**Task to carry out:** Skip the pictures, and retype the data below in full, exactly.

Collection entries:
-*-

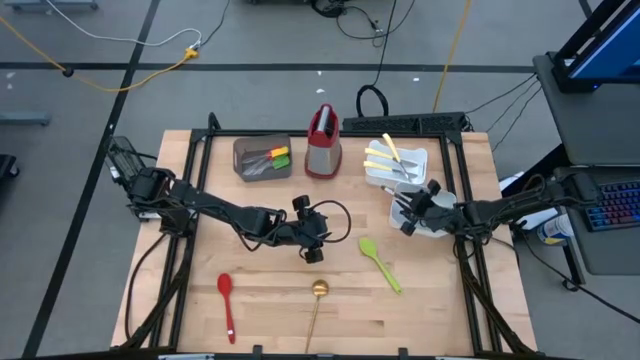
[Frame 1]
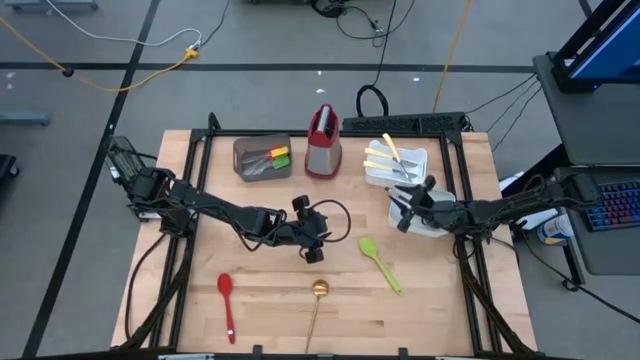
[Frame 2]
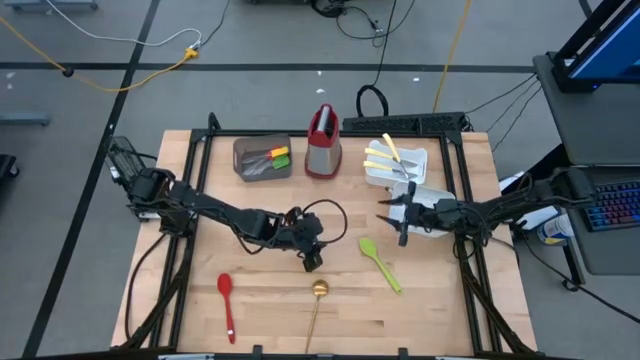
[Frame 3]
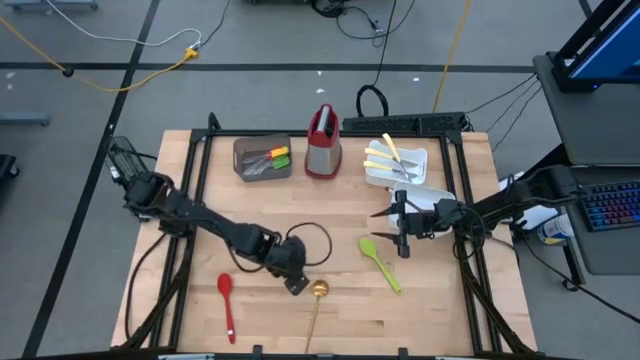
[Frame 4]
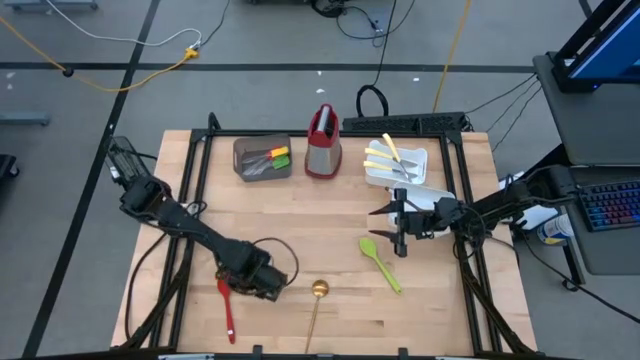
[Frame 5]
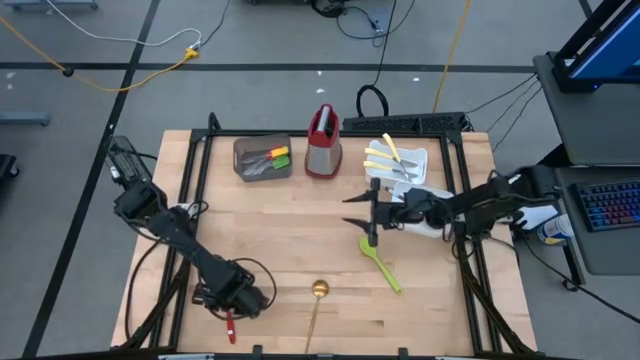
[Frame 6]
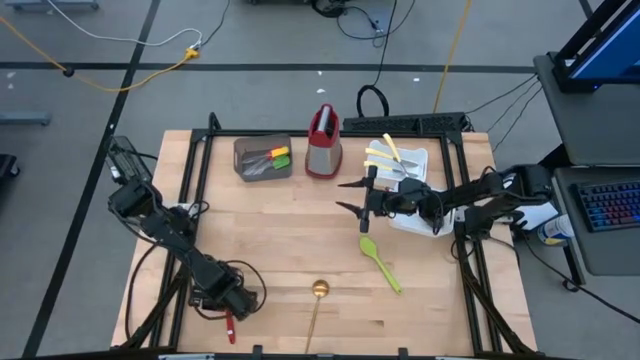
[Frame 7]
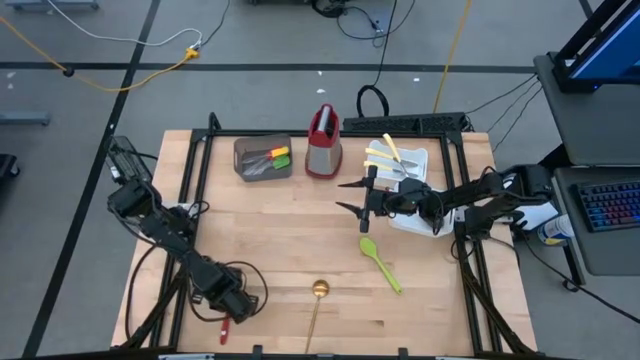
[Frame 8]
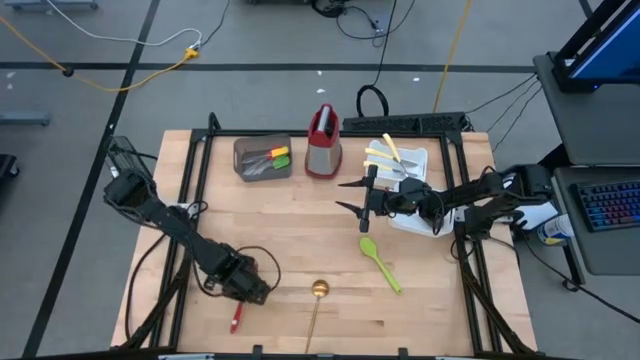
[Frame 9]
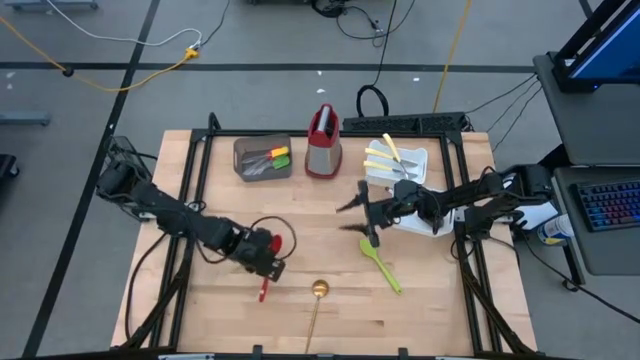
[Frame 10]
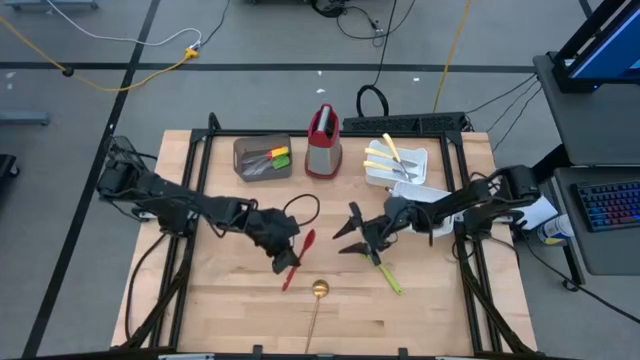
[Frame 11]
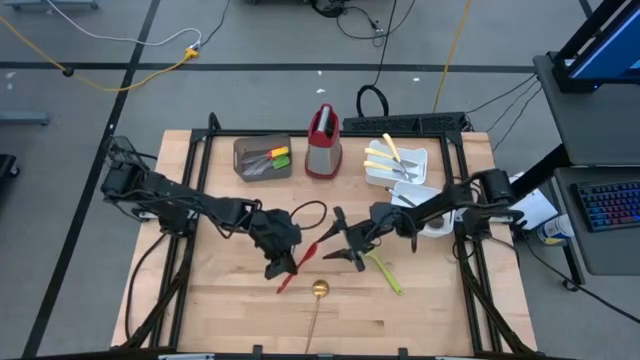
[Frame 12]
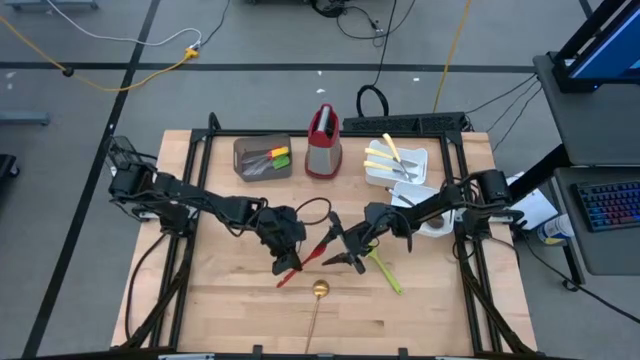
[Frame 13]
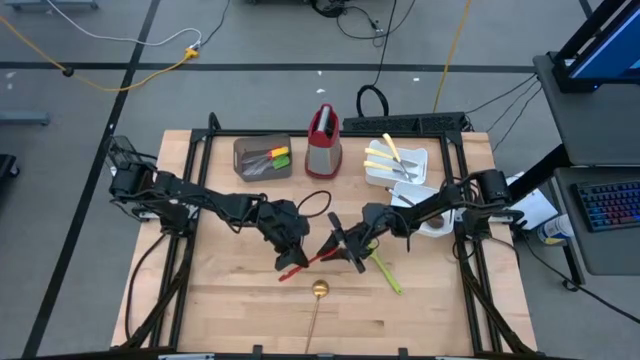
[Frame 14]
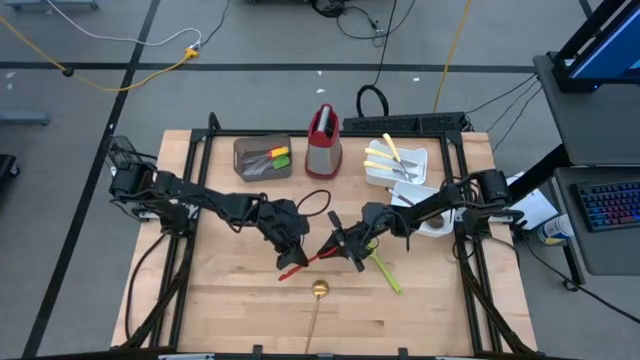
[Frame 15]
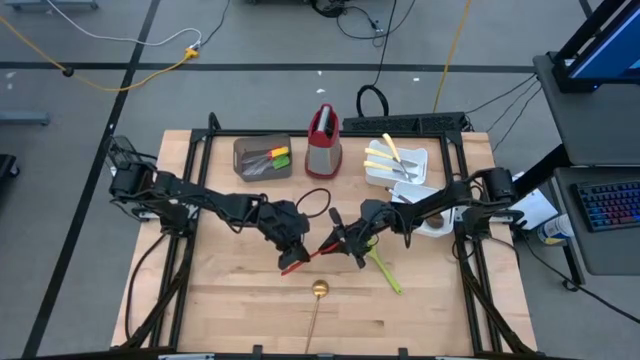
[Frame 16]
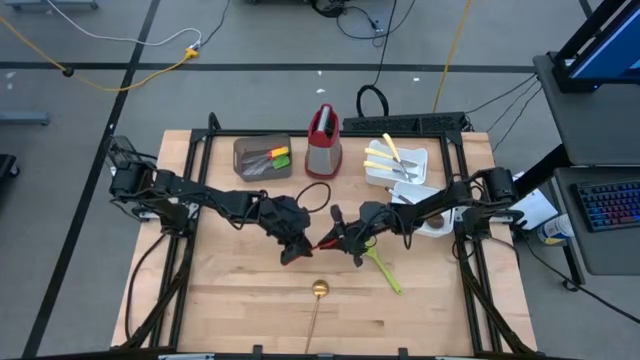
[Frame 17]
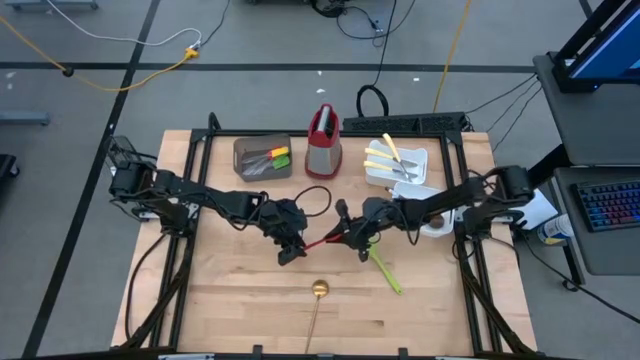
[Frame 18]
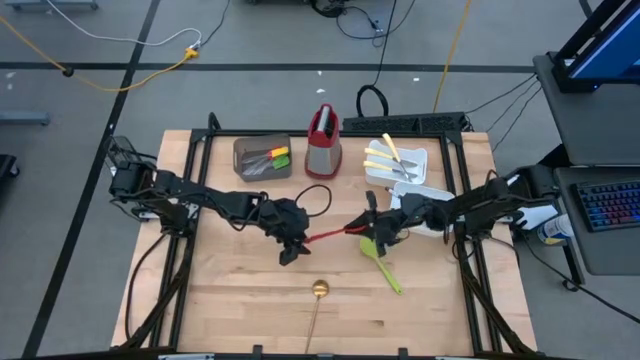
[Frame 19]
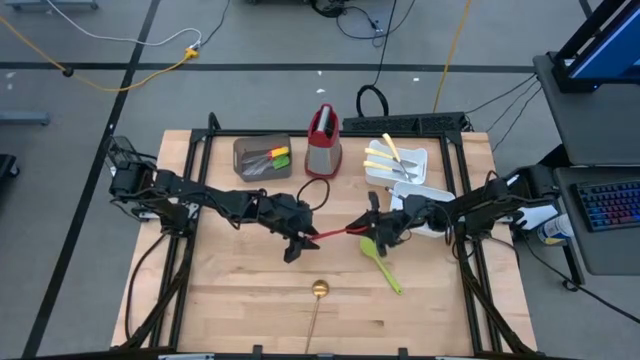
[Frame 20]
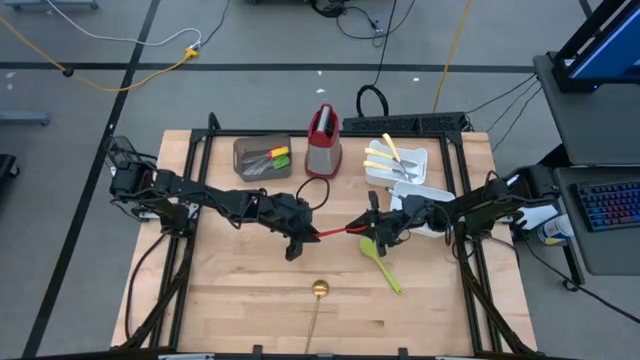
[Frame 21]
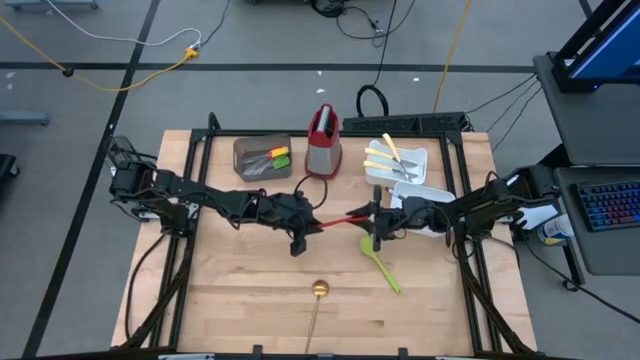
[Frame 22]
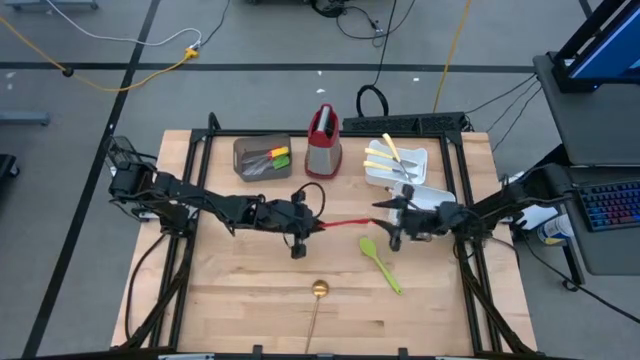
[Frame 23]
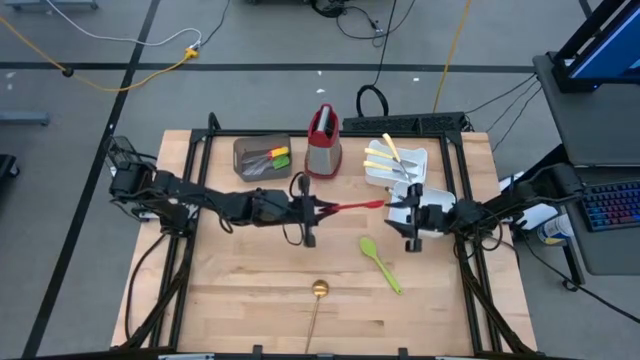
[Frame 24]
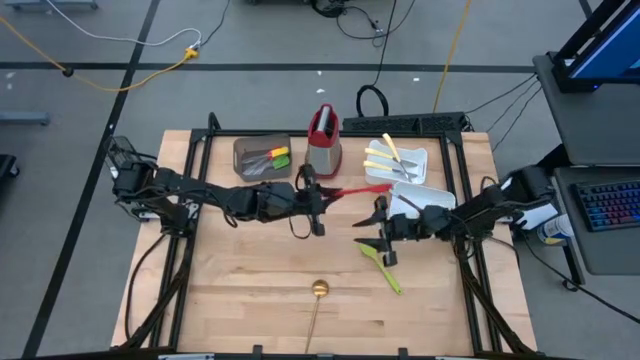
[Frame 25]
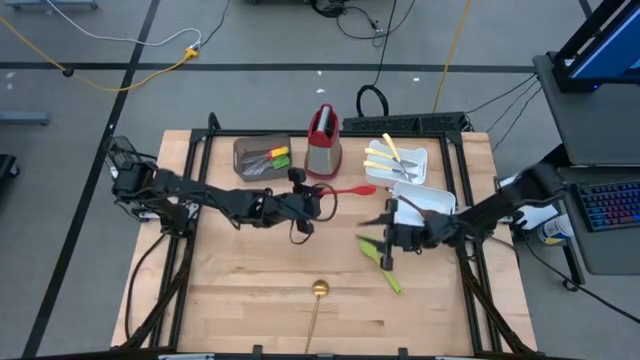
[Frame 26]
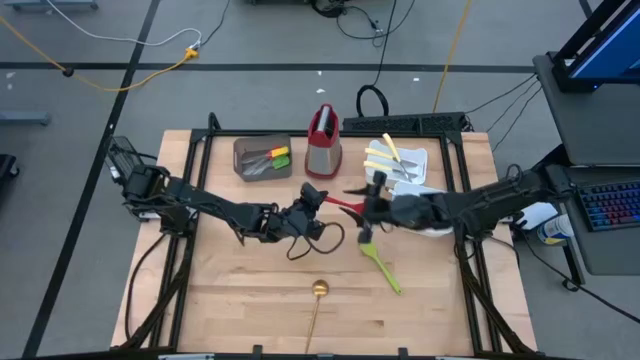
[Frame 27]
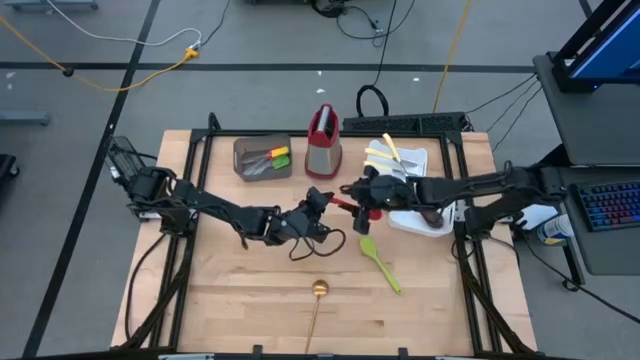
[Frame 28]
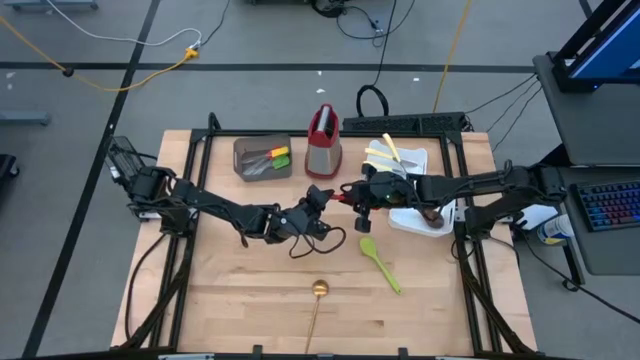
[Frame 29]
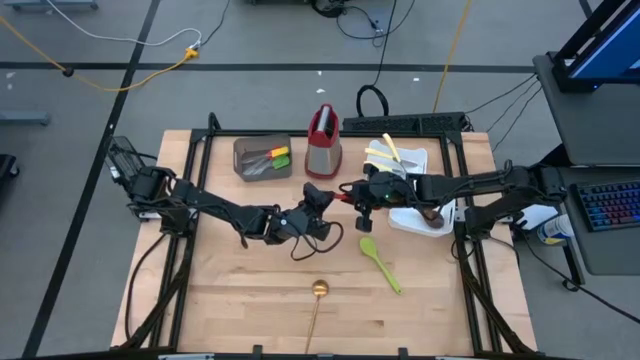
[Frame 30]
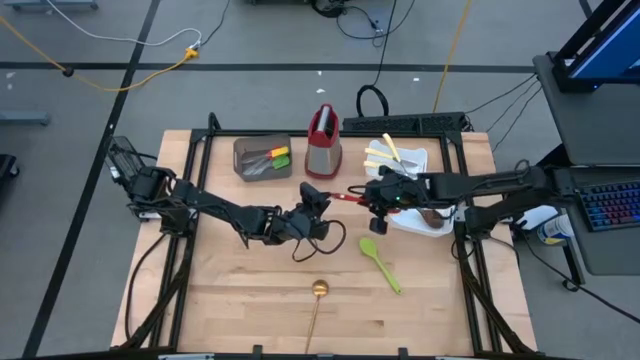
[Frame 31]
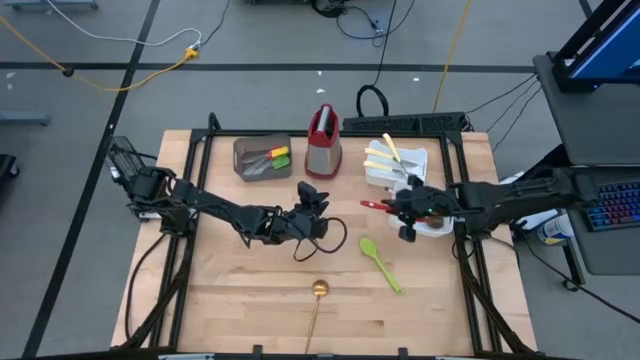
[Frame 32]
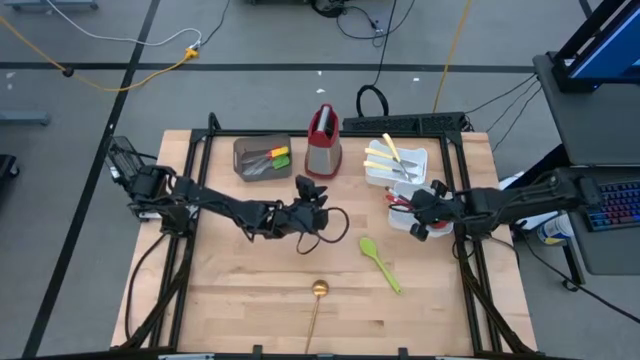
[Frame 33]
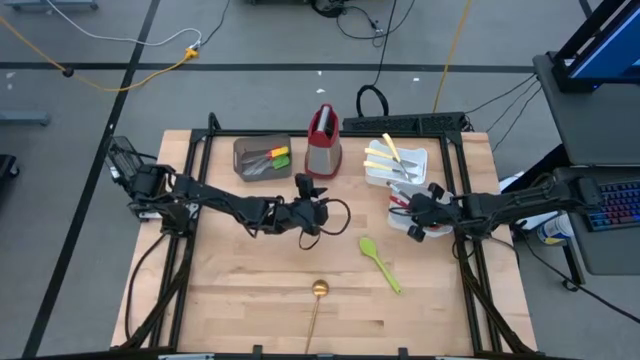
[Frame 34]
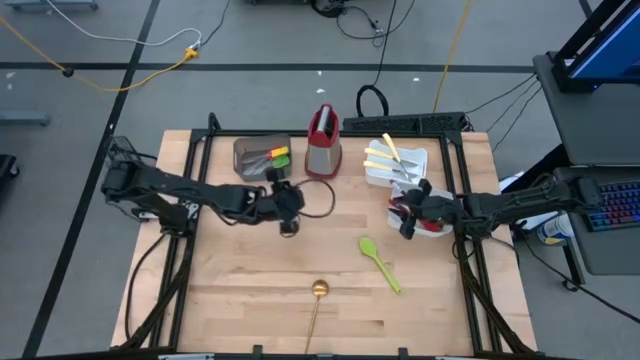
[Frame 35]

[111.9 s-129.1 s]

-*-

**Exercise output:**
[Frame 1]
[Frame 2]
[Frame 3]
[Frame 4]
[Frame 5]
[Frame 6]
[Frame 7]
[Frame 8]
[Frame 9]
[Frame 10]
[Frame 11]
[Frame 12]
[Frame 13]
[Frame 14]
[Frame 15]
[Frame 16]
[Frame 17]
[Frame 18]
[Frame 19]
[Frame 20]
[Frame 21]
[Frame 22]
[Frame 23]
[Frame 24]
[Frame 25]
[Frame 26]
[Frame 27]
[Frame 28]
[Frame 29]
[Frame 30]
[Frame 31]
[Frame 32]
[Frame 33]
[Frame 34]
[Frame 35]

[111.9 s-129.1 s]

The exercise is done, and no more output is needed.